The same idea can also be applied to k-means clustering. In this algorithm, the number of clusters is set apriori and similar time series are clustered together.

import random

def k_means_clust(data,num_clust,num_iter,w=5):
    centroids=random.sample(data,num_clust)
    counter=0
    for n in range(num_iter):
        counter+=1
        print counter
        assignments={}
        #assign data points to clusters
        for ind,i in enumerate(data):
            min_dist=float('inf')
            closest_clust=None
            for c_ind,j in enumerate(centroids):
                if LB_Keogh(i,j,5)<min_dist:
                    cur_dist=DTWDistance(i,j,w)
                    if cur_dist<min_dist:
                        min_dist=cur_dist
                        closest_clust=c_ind
            if closest_clust in assignments:
                assignments[closest_clust].append(ind)
            else:
                assignments[closest_clust]=[]

        #recalculate centroids of clusters
        for key in assignments:
            clust_sum=0
            for k in assignments[key]:
                clust_sum=clust_sum+data[k]
            centroids[key]=[m/len(assignments[key]) for m in clust_sum]

    return centroids

Let's test it on the entire data set (i.e. the training set and the test set stacked together).

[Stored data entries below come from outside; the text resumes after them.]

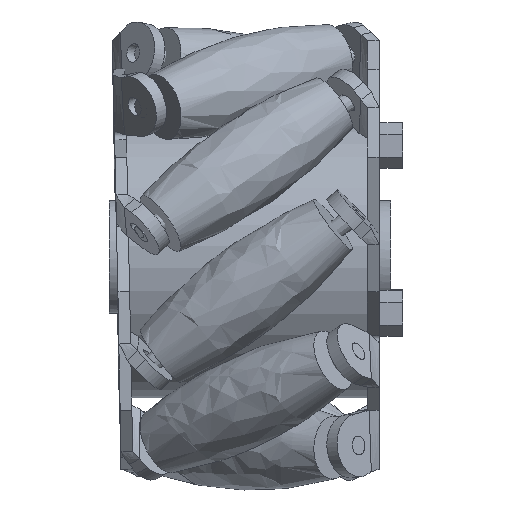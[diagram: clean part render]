
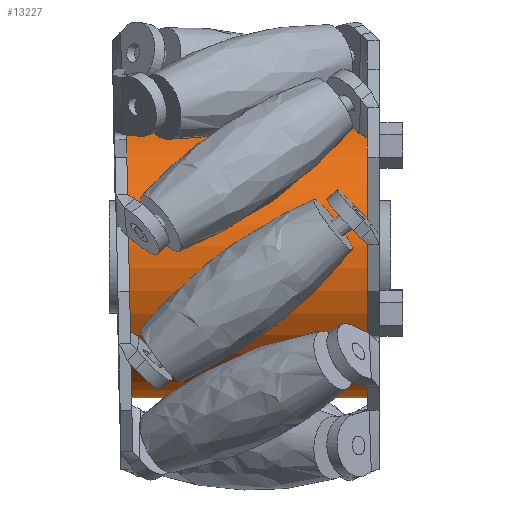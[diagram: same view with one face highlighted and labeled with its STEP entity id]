
A CAD part, front view. The second image highlights one B-rep face of the part: STEP entity #13227.
In plain terms, the highlighted free-form (B-spline) face has degree [2, 1] with [9, 2] control points.
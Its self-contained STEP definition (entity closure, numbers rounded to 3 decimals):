
#13227 = ADVANCED_FACE('',(#13228),#13260,.T.);
#13228 = FACE_BOUND('',#13229,.T.);
#13229 = EDGE_LOOP('',(#13230,#13242,#13249,#13259));
#13230 = ORIENTED_EDGE('',*,*,#13231,.F.);
#13231 = EDGE_CURVE('',#13232,#13232,#13234,.T.);
#13232 = VERTEX_POINT('',#13233);
#13233 = CARTESIAN_POINT('',(-1.736,0.,
    -34.505));
#13234 = ( BOUNDED_CURVE() B_SPLINE_CURVE(2,(#13235,#13236,#13237,#13238
    ,#13239,#13240,#13241),.UNSPECIFIED.,.T.,.F.) 
B_SPLINE_CURVE_WITH_KNOTS((3,2,2,3),(3.142,5.236,
7.33,9.425),.PIECEWISE_BEZIER_KNOTS.) CURVE() 
GEOMETRIC_REPRESENTATION_ITEM() RATIONAL_B_SPLINE_CURVE((1.,0.5,1.,0.5,
1.,0.5,1.)) REPRESENTATION_ITEM('') );
#13235 = CARTESIAN_POINT('',(-1.736,0.,
    -34.505));
#13236 = CARTESIAN_POINT('',(-1.736,-59.764,
    -34.505));
#13237 = CARTESIAN_POINT('',(-1.736,-29.882,
    17.252));
#13238 = CARTESIAN_POINT('',(-1.736,0.,
    69.009));
#13239 = CARTESIAN_POINT('',(-1.736,29.882,
    17.252));
#13240 = CARTESIAN_POINT('',(-1.736,59.764,
    -34.505));
#13241 = CARTESIAN_POINT('',(-1.736,0.,
    -34.505));
#13242 = ORIENTED_EDGE('',*,*,#13243,.T.);
#13243 = EDGE_CURVE('',#13232,#13244,#13246,.T.);
#13244 = VERTEX_POINT('',#13245);
#13245 = CARTESIAN_POINT('',(57.43,0.,
    -34.505));
#13246 = B_SPLINE_CURVE_WITH_KNOTS('',1,(#13247,#13248),.UNSPECIFIED.,
  .F.,.F.,(2,2),(-51.511,0.),.PIECEWISE_BEZIER_KNOTS.);
#13247 = CARTESIAN_POINT('',(-1.736,0.,
    -34.505));
#13248 = CARTESIAN_POINT('',(57.43,0.,
    -34.505));
#13249 = ORIENTED_EDGE('',*,*,#13250,.T.);
#13250 = EDGE_CURVE('',#13244,#13244,#13251,.T.);
#13251 = ( BOUNDED_CURVE() B_SPLINE_CURVE(2,(#13252,#13253,#13254,#13255
    ,#13256,#13257,#13258),.UNSPECIFIED.,.T.,.F.) 
B_SPLINE_CURVE_WITH_KNOTS((3,2,2,3),(3.142,5.236,
7.33,9.425),.PIECEWISE_BEZIER_KNOTS.) CURVE() 
GEOMETRIC_REPRESENTATION_ITEM() RATIONAL_B_SPLINE_CURVE((1.,0.5,1.,0.5,
1.,0.5,1.)) REPRESENTATION_ITEM('') );
#13252 = CARTESIAN_POINT('',(57.43,0.,
    -34.505));
#13253 = CARTESIAN_POINT('',(57.43,-59.764,
    -34.505));
#13254 = CARTESIAN_POINT('',(57.43,-29.882,
    17.252));
#13255 = CARTESIAN_POINT('',(57.43,0.,
    69.009));
#13256 = CARTESIAN_POINT('',(57.43,29.882,
    17.252));
#13257 = CARTESIAN_POINT('',(57.43,59.764,
    -34.505));
#13258 = CARTESIAN_POINT('',(57.43,0.,
    -34.505));
#13259 = ORIENTED_EDGE('',*,*,#13243,.F.);
#13260 = ( BOUNDED_SURFACE() B_SPLINE_SURFACE(2,1,(
    (#13261,#13262)
    ,(#13263,#13264)
    ,(#13265,#13266)
    ,(#13267,#13268)
    ,(#13269,#13270)
    ,(#13271,#13272)
    ,(#13273,#13274)
    ,(#13275,#13276)
    ,(#13277,#13278
)),.UNSPECIFIED.,.T.,.F.,.F.) B_SPLINE_SURFACE_WITH_KNOTS((3,2,2,2,3),(2
    ,2),(-3.142,-2.094,0.,2.094,3.142)
,(0.,51.511),.UNSPECIFIED.) GEOMETRIC_REPRESENTATION_ITEM() 
RATIONAL_B_SPLINE_SURFACE((
    (0.75,0.75)
    ,(0.75,0.75)
    ,(1.,1.)
    ,(0.5,0.5)
    ,(1.,1.)
    ,(0.5,0.5)
    ,(1.,1.)
    ,(0.75,0.75)
,(0.75,0.75))) REPRESENTATION_ITEM('') SURFACE() );
#13261 = CARTESIAN_POINT('',(57.43,0.,
    -34.505));
#13262 = CARTESIAN_POINT('',(-1.736,0.,
    -34.505));
#13263 = CARTESIAN_POINT('',(57.43,-19.921,
    -34.505));
#13264 = CARTESIAN_POINT('',(-1.736,-19.921,
    -34.505));
#13265 = CARTESIAN_POINT('',(57.43,-29.882,
    -17.252));
#13266 = CARTESIAN_POINT('',(-1.736,-29.882,
    -17.252));
#13267 = CARTESIAN_POINT('',(57.43,-59.764,
    34.505));
#13268 = CARTESIAN_POINT('',(-1.736,-59.764,
    34.505));
#13269 = CARTESIAN_POINT('',(57.43,0.,34.505));
#13270 = CARTESIAN_POINT('',(-1.736,0.,34.505));
#13271 = CARTESIAN_POINT('',(57.43,59.764,
    34.505));
#13272 = CARTESIAN_POINT('',(-1.736,59.764,
    34.505));
#13273 = CARTESIAN_POINT('',(57.43,29.882,
    -17.252));
#13274 = CARTESIAN_POINT('',(-1.736,29.882,
    -17.252));
#13275 = CARTESIAN_POINT('',(57.43,19.921,
    -34.505));
#13276 = CARTESIAN_POINT('',(-1.736,19.921,
    -34.505));
#13277 = CARTESIAN_POINT('',(57.43,0.,
    -34.505));
#13278 = CARTESIAN_POINT('',(-1.736,0.,
    -34.505));

train = np.genfromtxt('datasets/train.csv', delimiter='\t')
test = np.genfromtxt('datasets/test.csv', delimiter='\t')
data=np.vstack((train[:,:-1],test[:,:-1]))

import matplotlib.pylab as plt

centroids=k_means_clust(data,4,10,4)
for i in centroids:

    plt.plot(i)

plt.show()

alt text

Code

The code used in this blog post can be found in my gitHub repo.

References

The vast majority of research in this area is done by Dr. Eamonn Keogh's group at UC Riverside. All of the relevant papers are referenced in the group's webpage.